The opendatascotland package has a basic search function for finding available datasets and viewing their metadata. Use ods_search() function to view metadata for all datasets or filter by matching search terms in the dataset’s title.

library(opendatascotland)

# View all available datasets and associated metadata
all_datasets <- ods_search()

# Search dataset titles containing matching terms (case insensitive)
single_query <- ods_search("Number of bikes")

# Search multiple terms
multi_query <- ods_search(c("Bins", "Number of bikes"))
#> The cached list of datasets from opendata.scot was last downloaded on 2023-10-09
head(multi_query)
#> # A tibble: 6 × 11
#>   unique_id            title organization notes category url   resources licence
#>   <chr>                <chr> <chr>        <chr> <list>   <chr> <list>    <chr>  
#> 1 Litter_Bins_Aberdee… Litt… Aberdeen Ci… "<di… <chr>    /dat… <df>      UK Ope…
#> 2 Communal_Bins_City_… Comm… City of Edi… "<p>… <chr>    /dat… <df>      UK Ope…
#> 3 Grit_Bins_City_of_E… Grit… City of Edi… "<p>… <chr>    /dat… <df>      UK Ope…
#> 4 Salt_Bins_Dumfries_… Salt… Dumfries an… "<p>… <chr>    /dat… <df>      UK Ope…
#> 5 Roads_-_winter_main… Road… Stirling Co… "<p>… <chr>    /dat… <df>      UK Ope…
#> 6 Number_of_bikes_ava… Numb… Cycling Sco… "<p>… <chr>    /dat… <df>      UK Ope…
#> # ℹ 3 more variables: date_created <chr>, date_updated <chr>, org_type <chr>

Note, search term is case-insensitive but word order must be correct (there is no ‘fuzzy’ matching).

Download

Currently, only datasets available in .csv, json or .geojson can be downloaded. These formats cover the majority of data available. You will be warned if a dataset can’t be downloaded.

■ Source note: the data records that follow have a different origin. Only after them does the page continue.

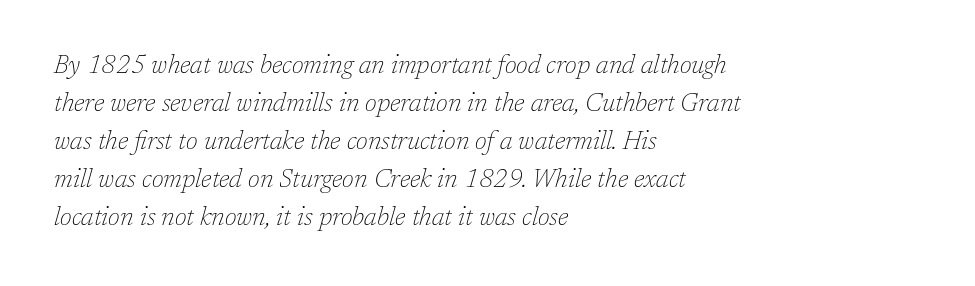
Interline gaps are of average width in this sample. The rag falls on the right side of this text block. Is this a heavy cut? Hardly; it is regular or lighter. In terms of posture, this sample is oblique. Decoration check: the copy has no underline.
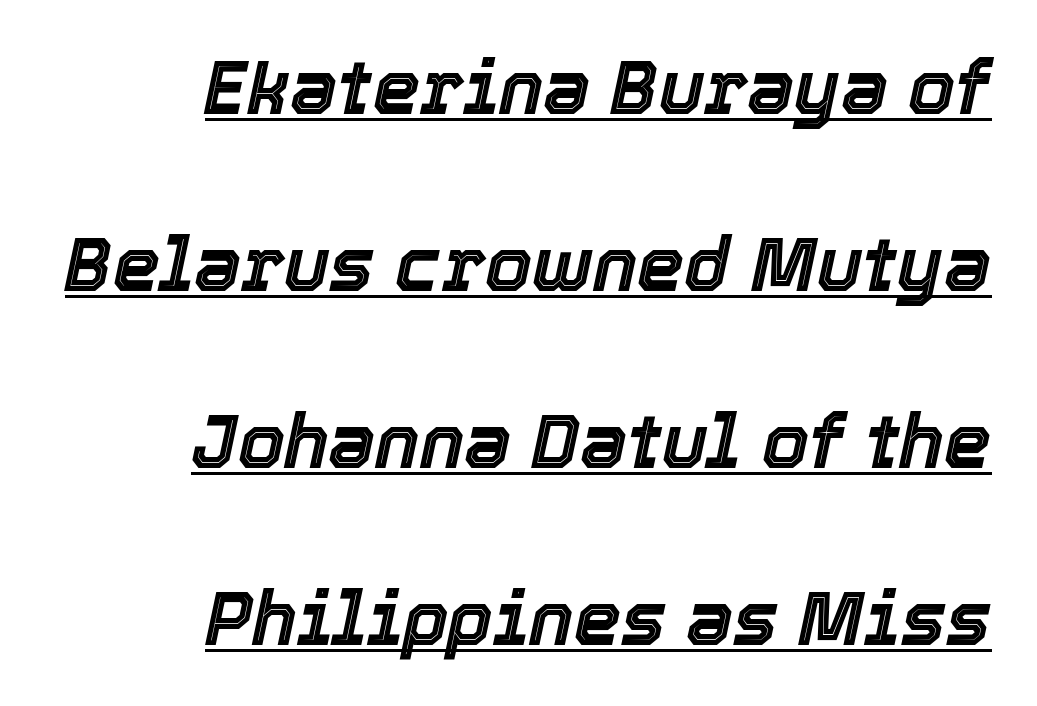
Q: Is the text italic (slanted)? A: Yes, it leans right by about 12 degrees.
Q: Is the text underlined? A: Yes.
Q: How is the paragraph aligned? A: Right-aligned.
Q: Is the spacing between letters normal or unusually wide? A: Normal.
Q: Is the spacing between lines tight, normal or loose? A: Loose.
Q: Width (condensed, normal, or wide)? A: Normal.
Q: x-height? A: Medium.
Q: Monospaced? A: No.

To download data, you can either download the metadata using ods_search().

query <- ods_search("bins")
#> Note, the cached list of datasets from opendata.scot was last
#> downloaded on 2023-11-19

Then pass that data frame to ods_get().

data <- ods_get(query)

Or use the search argument in ods_get(search="my search term") to search and download any matching datasets in one step.

data <- ods_get(search = "bins")

By default, you will be asked if you want to save the data locally on the first download. Optionally, you can refresh the data or avoid being asked to save data by setting the refresh or ask arguments.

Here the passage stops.